Obviously, this is all hypothetical as long as Johnson denies the Scots their vote. In the event that the Scottish Parliament is truly dominated by separatist parties after next week, it is difficult to predict whether the Prime Minister’s stubbornness is political aid or a hindrance more broadly across the UK.
“There is still a long way to go until the next election in 2024 and, without the EU, Johnson needs a new enemy who appeals to his base,” says Ford. “Scotland is almost perfect, as many English voters think the Scots get a lot of money from the Union and find the complaints a little irritating.”
Ford sees it going badly for Johnson if the blocking of demand fuels a grievance in a way that makes life in Scotland hostile.
The problem could also leave Johnson politically exposed, McEwen believes, as the problem will not go away.
“He is likely to feature prominently in the upcoming UK general election.

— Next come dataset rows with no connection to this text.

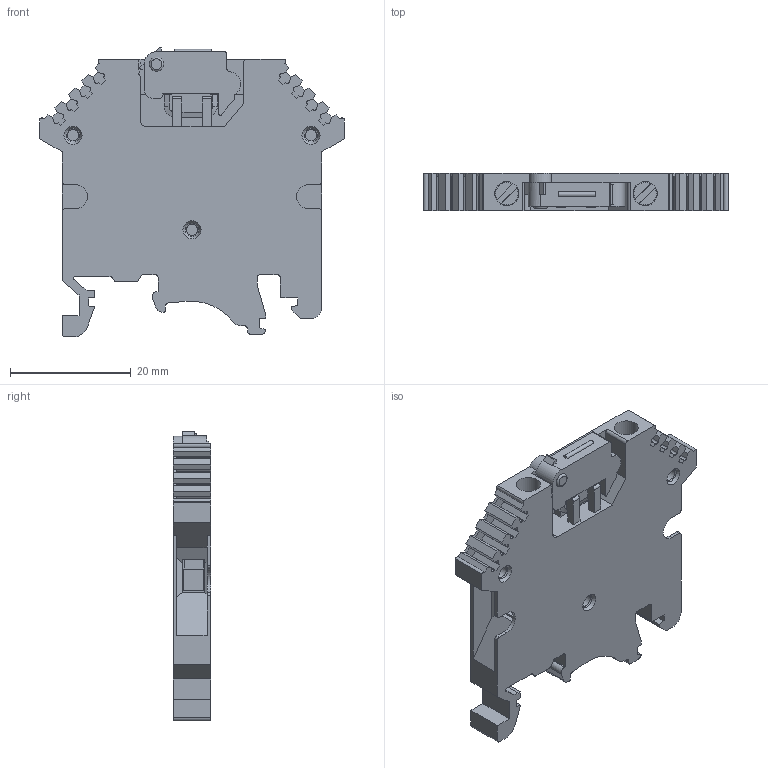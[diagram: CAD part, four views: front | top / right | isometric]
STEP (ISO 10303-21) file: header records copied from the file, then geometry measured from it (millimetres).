
FILE_DESCRIPTION(/* description */ ('Unknown'),/* implementation_level */ '2;1');
FILE_NAME(/* name */ 'BKNC-04',/* time_stamp */ '2024-11-14T14:27:17-03:00',/* author */ ('Unknown'),/* organization */ ('Unknown'),/* preprocessor_version */ 'ST-DEVELOPER v16.7',/* originating_system */ 'Solid Edge',/* authorisation */ 'Unknown');
FILE_SCHEMA (('AUTOMOTIVE_DESIGN {1 0 10303 214 3 1 1}'));
Length unit declared in the file: millimetre
Products named in the file (1): BKNC-04
Bounding box: 50.4 x 6.2 x 47.99 mm (x, y, z)
Volume: 8966.8 mm3; surface area: 6595.8 mm2
Topology: 1 solids, 1 shells, 403 faces, 1141 edges, 748 vertices
Faces by surface type: plane 292, cylinder 92, torus 11, cone 8
Full cylindrical faces by diameter (mm): 2.3 x3, 2.8 x1, 4 x2
Entity records: 15717 total; most frequent: CARTESIAN_POINT 2305, ORIENTED_EDGE 2244, DIRECTION 2136, EDGE_CURVE 1122, LINE 894, VECTOR 894, VERTEX_POINT 746, AXIS2_PLACEMENT_3D 621

If the SNP again wins the overwhelming majority of Scottish seats in this election, he could be a considerable force in the House of Commons and many harder to ignore, especially in a scenario where they hold the balance of power, ”she said.
Of course, this is all far from and probably not on Johnson’s mind, given the recent departures of staff who were specifically working on this issue. However, even members of his own government privately fear that the actions of Johnson, the Unionist who sought to unite the nation after Brexit, could set off a chain of events that would ultimately lead Scotland to break away from the Kingdom. -United.